┌─ Source material
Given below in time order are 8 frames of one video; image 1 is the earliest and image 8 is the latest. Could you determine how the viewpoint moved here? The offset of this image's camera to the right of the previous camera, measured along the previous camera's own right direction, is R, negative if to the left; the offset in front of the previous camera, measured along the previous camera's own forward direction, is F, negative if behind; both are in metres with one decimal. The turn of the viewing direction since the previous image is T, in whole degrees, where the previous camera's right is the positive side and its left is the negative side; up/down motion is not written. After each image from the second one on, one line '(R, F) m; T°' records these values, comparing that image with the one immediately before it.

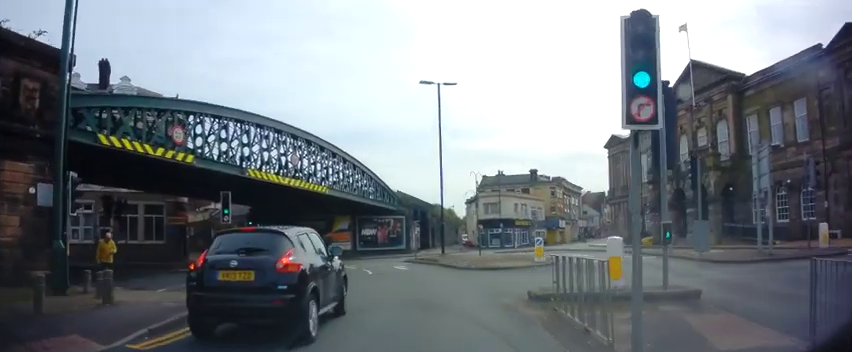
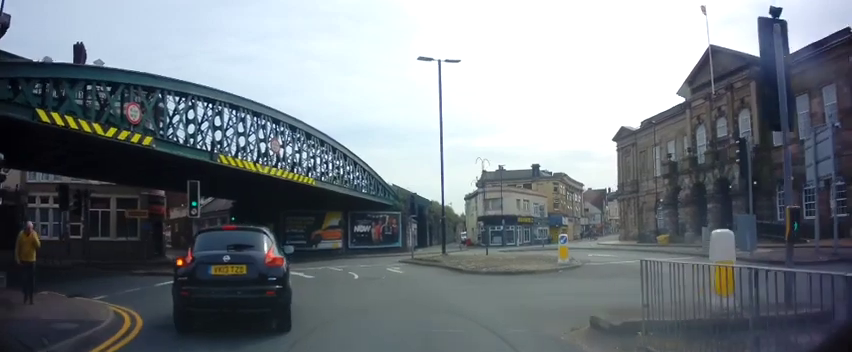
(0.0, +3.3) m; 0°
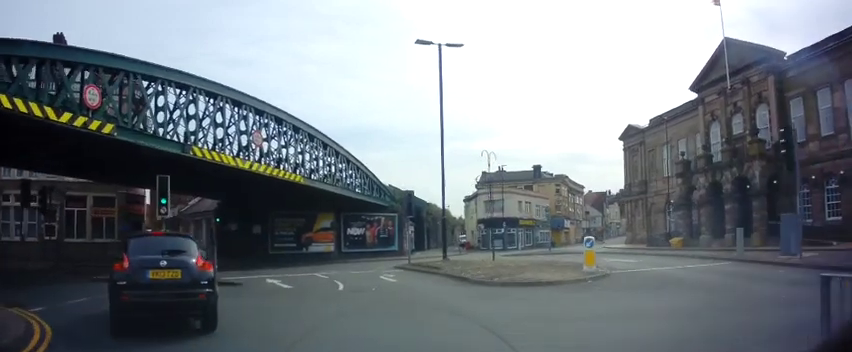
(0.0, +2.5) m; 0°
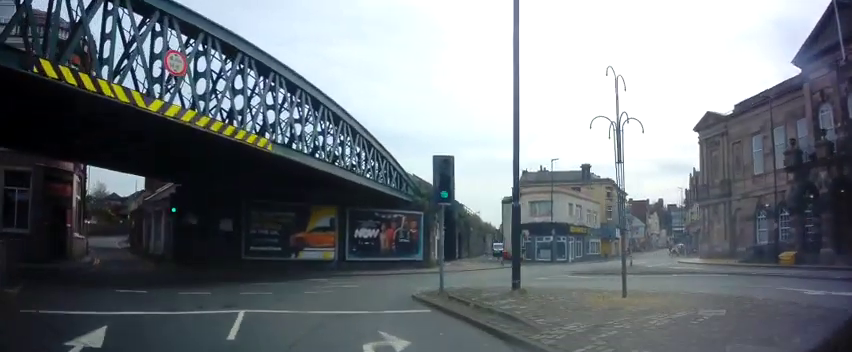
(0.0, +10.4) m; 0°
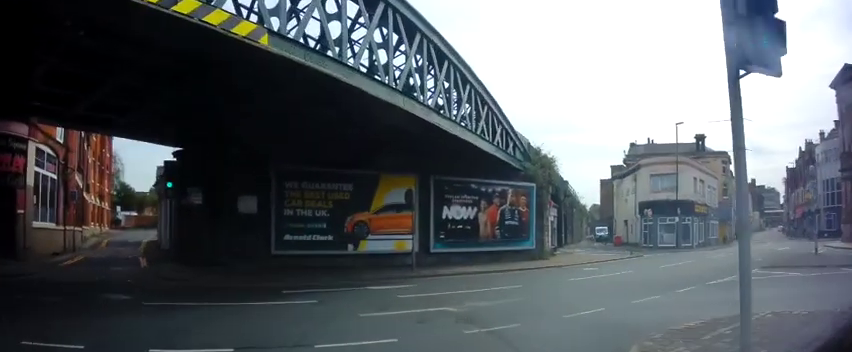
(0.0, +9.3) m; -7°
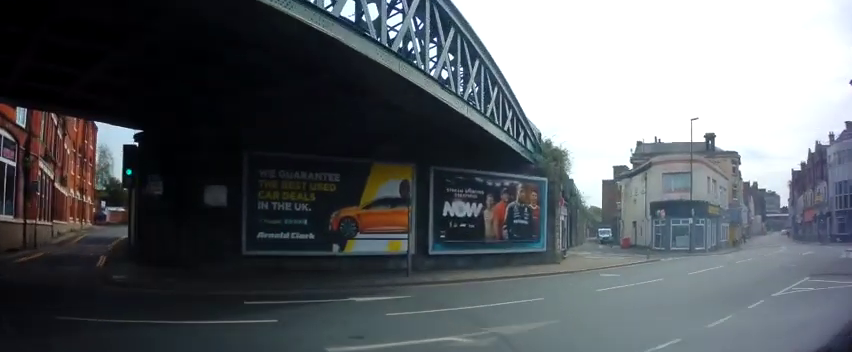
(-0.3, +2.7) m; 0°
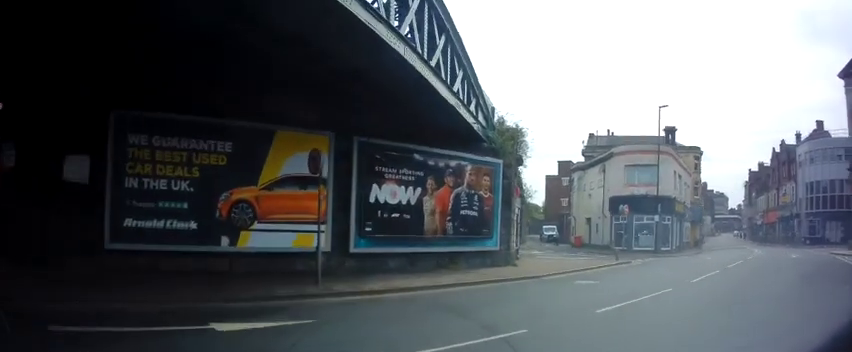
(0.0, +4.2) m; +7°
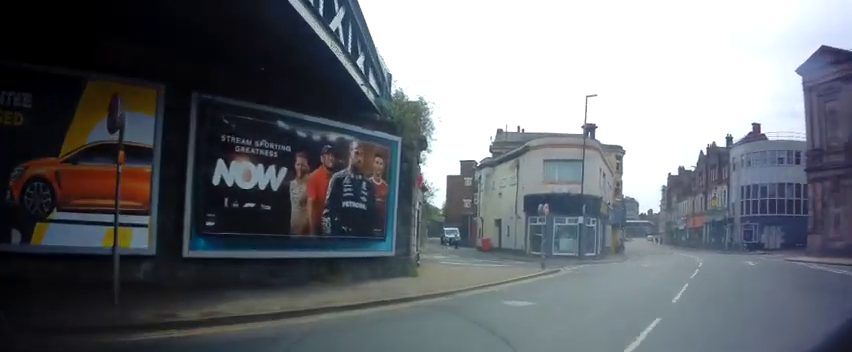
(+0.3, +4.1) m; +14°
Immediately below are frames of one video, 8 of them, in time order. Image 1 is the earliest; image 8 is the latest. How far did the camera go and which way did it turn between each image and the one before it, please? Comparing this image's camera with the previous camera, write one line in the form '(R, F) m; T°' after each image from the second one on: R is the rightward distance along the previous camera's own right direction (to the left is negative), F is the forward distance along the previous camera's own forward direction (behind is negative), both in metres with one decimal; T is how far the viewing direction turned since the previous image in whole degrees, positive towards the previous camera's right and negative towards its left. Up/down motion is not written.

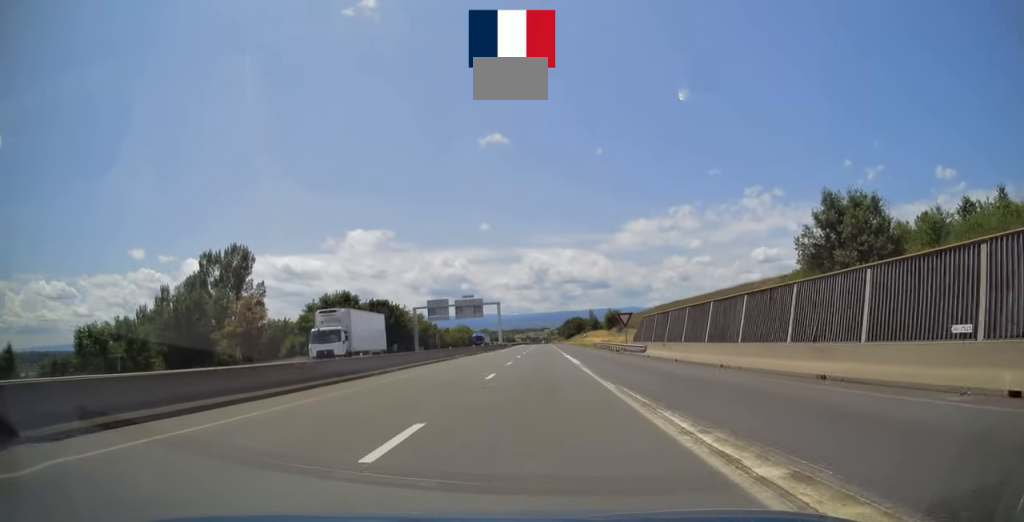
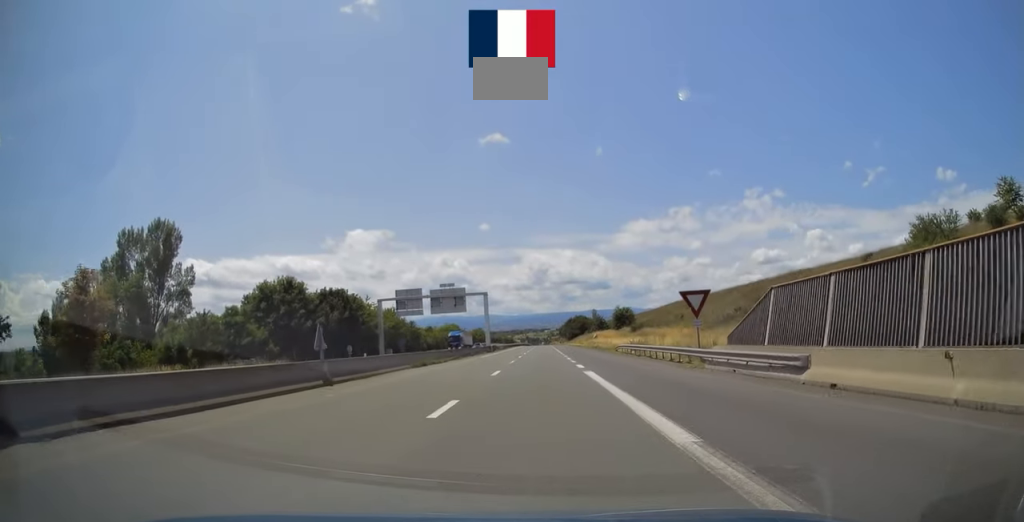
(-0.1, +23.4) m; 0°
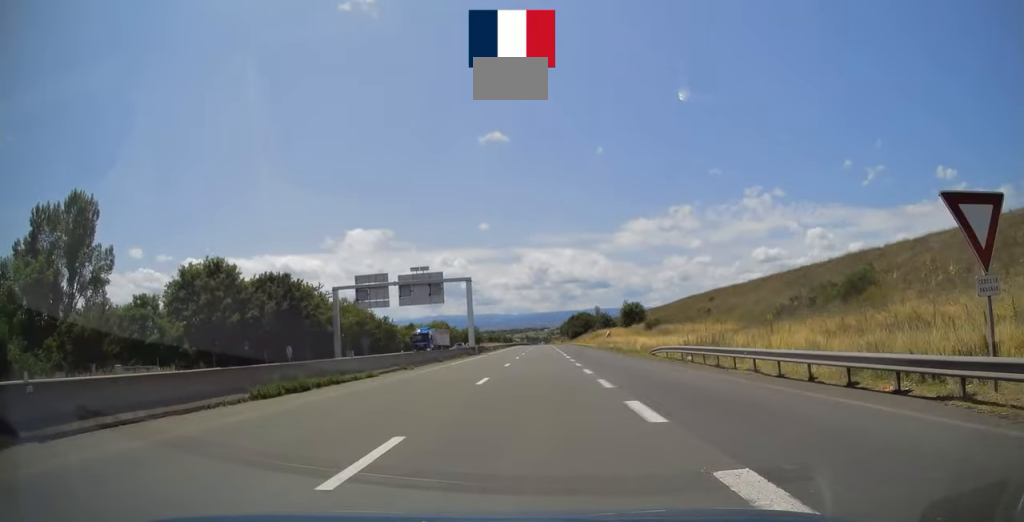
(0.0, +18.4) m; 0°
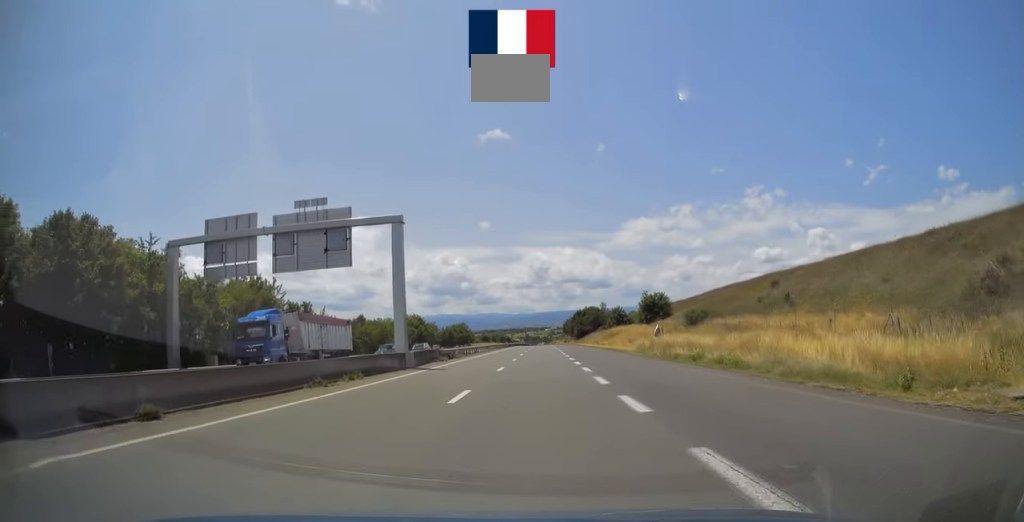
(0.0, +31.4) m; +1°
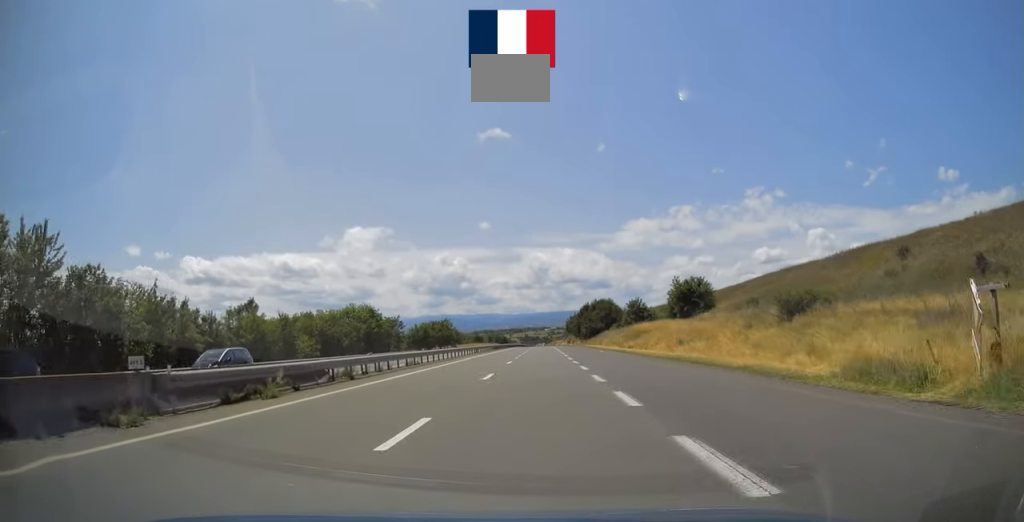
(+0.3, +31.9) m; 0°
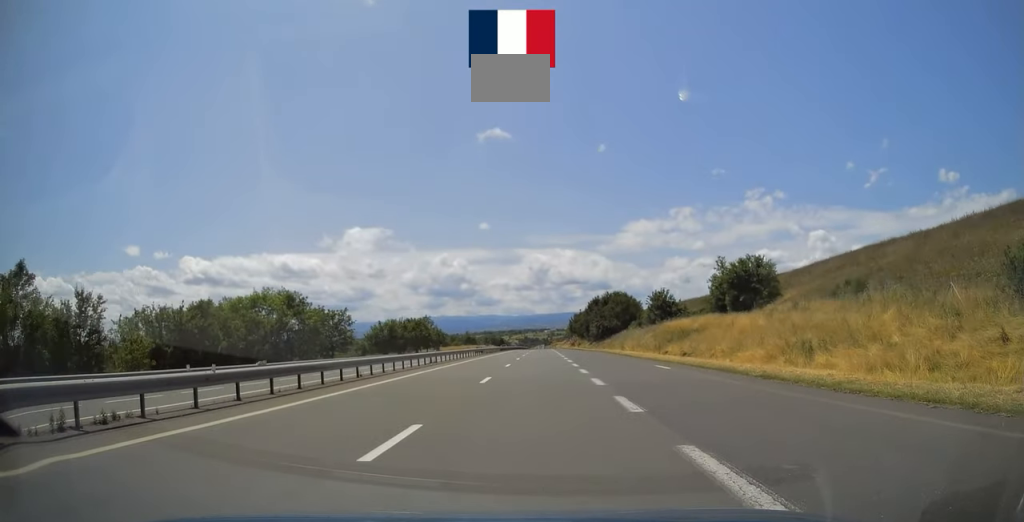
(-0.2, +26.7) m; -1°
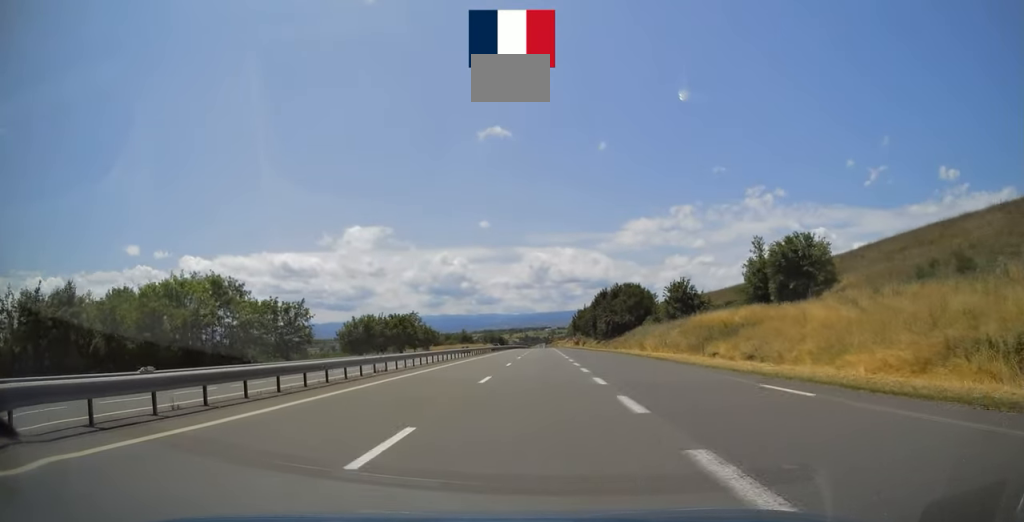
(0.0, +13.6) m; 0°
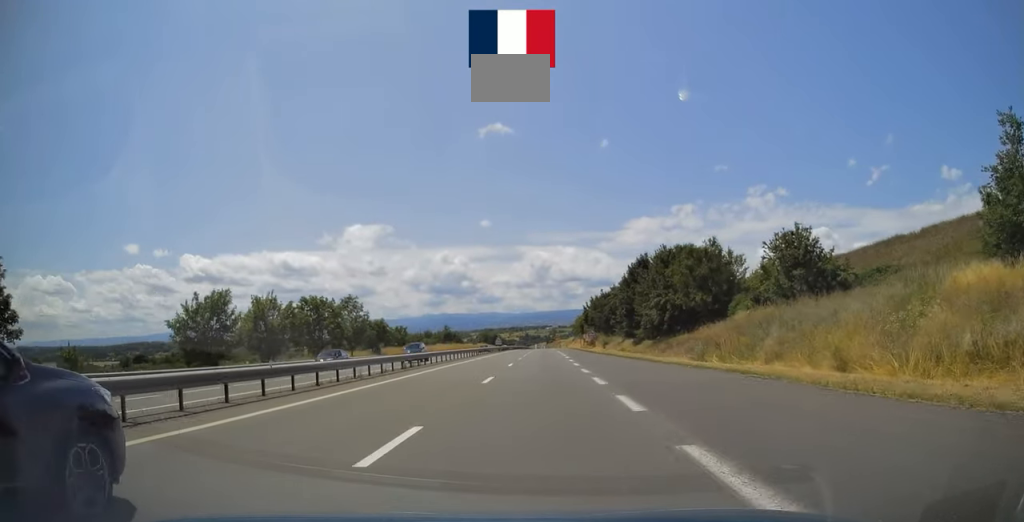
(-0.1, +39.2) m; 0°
└─
▶ _Activity_
Word for word, set down every line of the records above, and leave the pictures out.

▶ _Written answer_
Given below in time order are 8 frames of one video; image 1 is the earliest and image 8 is the latest. Could you determine how the viewpoint moved here? The offset of this image's camera to the right of the previous camera, measured along the previous camera's own right direction, is R, negative if to the left; the offset in front of the previous camera, measured along the previous camera's own forward direction, is F, negative if behind; both are in metres with one decimal. The turn of the viewing direction since the previous image is T, in whole degrees, where the previous camera's right is the positive side and its left is the negative side; up/down motion is not written. After each image from the second one on, one line '(R, F) m; T°' records these values, comparing that image with the one immediately before it.

(0.0, +3.3) m; 0°
(0.0, +2.5) m; 0°
(0.0, +10.4) m; 0°
(0.0, +9.3) m; -7°
(-0.3, +2.7) m; 0°
(0.0, +4.2) m; +7°
(+0.3, +4.1) m; +14°
Immediately below are frames of one video, 8 of them, in time order. Image 1 is the earliest; image 8 is the latest. How far did the camera go and which way did it turn between each image and the one before it, please? Comparing this image's camera with the previous camera, write one line in the form '(R, F) m; T°' after each image from the second one on: R is the rightward distance along the previous camera's own right direction (to the left is negative), F is the forward distance along the previous camera's own forward direction (behind is negative), both in metres with one decimal; T is how far the viewing direction turned since the previous image in whole degrees, positive towards the previous camera's right and negative towards its left. Up/down motion is not written.

(-0.1, +23.4) m; 0°
(0.0, +18.4) m; 0°
(0.0, +31.4) m; +1°
(+0.3, +31.9) m; 0°
(-0.2, +26.7) m; -1°
(0.0, +13.6) m; 0°
(-0.1, +39.2) m; 0°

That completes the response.